Kut’ül Ammare... Not düşelim... Üzerinde konuşacağız...
Avrupalı bazı siyasetçiler şöyle diyorlardı; Kıbrıs için özür dileyeceksiniz...
Ne diyelim; HAYAL DÜNYASI...
Hiçbir zaferimiz için özür dilemeyiz, şehidimizin kanı olan her toprak için ecdadımızın bize öğrettiği gibi devam ederiz!

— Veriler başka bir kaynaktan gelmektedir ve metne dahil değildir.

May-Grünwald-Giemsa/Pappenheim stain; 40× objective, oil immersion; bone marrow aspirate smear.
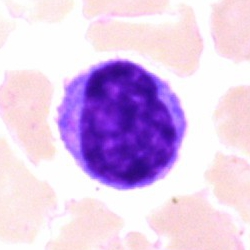

Cell type = typical lymphocyte.
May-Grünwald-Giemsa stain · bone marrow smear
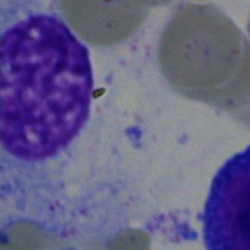
An artifact.
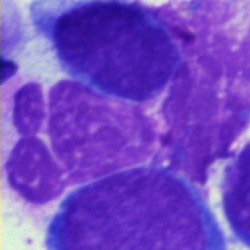
Single cell identified as an artifact.
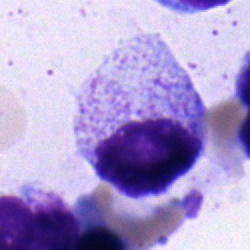
Cell = myelocyte.
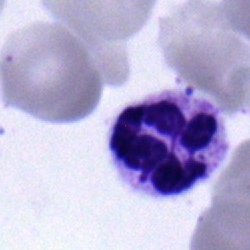
Morphology → polymorphonuclear neutrophil.
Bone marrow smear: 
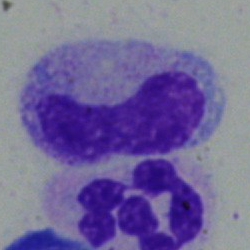

Cell type: metamyelocyte.
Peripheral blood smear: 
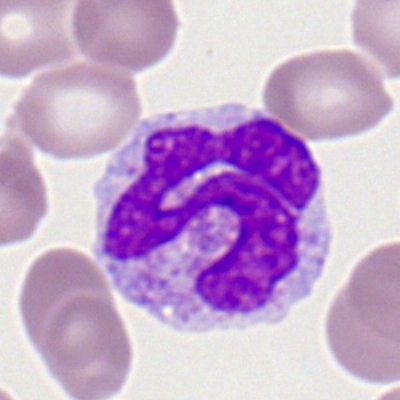Monocyte.
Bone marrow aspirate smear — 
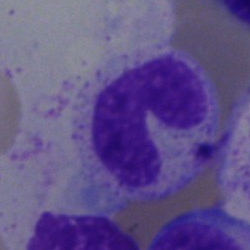
A stab cell.
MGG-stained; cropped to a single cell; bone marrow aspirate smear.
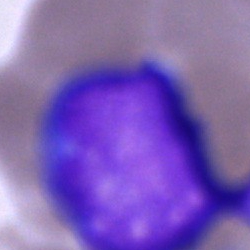

Morphological class — blast.

Avrupa’da hayal kuranları anlıyorum da, anlayamadığım bu toprakların ekmeğini yiyenler. Bazı ilginç arkadaşlar var, Avrupa ile iyi geçinmek adına “HER YAPTIĞIMIZ HATTA VARLIĞIMIZ İÇİN” özür dileyelim noktasındalar... Orada, burada, şurada değil, bu zihniyette olanlar her yerde varlar, olabilirler...

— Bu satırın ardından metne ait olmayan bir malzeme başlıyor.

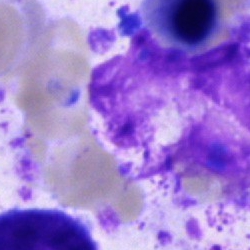Cell type — artifact.
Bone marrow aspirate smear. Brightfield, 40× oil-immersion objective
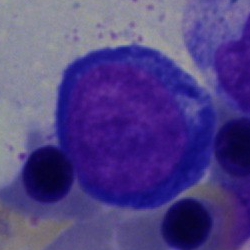{"cell_type": "proerythroblast"}

Sevgili dostlar, bu arkadaşlara özellikle yabancılarla iyi geçinmek için YOK SAYILMAYI “dünya ile entegrasyon” sananlara birkaç çift sözüm var; Kıbrıs’ta ne dileyeceğimiz bir özür, ne de ödeyeceğimiz bir kuruş tazminat var... Kardeşlerimizi katledenlere karşı yaptığımız harekatın sonuna kadar arkasındayız ve bunun için boynumuzu eğecek tek bir gerekçe bile olamaz... Bu yolda şehit olan ecdadımızı şanla, minnetle, özleyerek anıyoruz... Rahat uyuyun, bu canlar bedenden çıkmadıkça “medeniyet dediğin tek dişi kalmış canavar”, NE KADAR DEVŞİRİRSE DEVŞİRSİN, bizi yere baktıramaz...
Sevgili dostlar, ÖZÜR BEKLEYENLER, Kut’ül Ammare ZAFERİMİZ ile sarsıldılar! Unutturulan, unutturulmaya çalışılan zaferimiz...
Yaşasın haklı davamız... Yaşasın geçmişimize, geleceğimize, COFRAFYAMIZA SAHİP ÇIKMA MÜCADELEMİZ...
Son söz: VAROLMA dinamiğini “diğerlerine sevimli olarak kendinden vazgeçmek olarak” algılayan kafalar şunu çok iyi bilsinler; sevsinler diye başını uzatır ve dik duramazsan başını alırlar... Bizim kimseye sevdirecek, uzatacak başımız yok! Eğilip, bükülenlere duyurulur!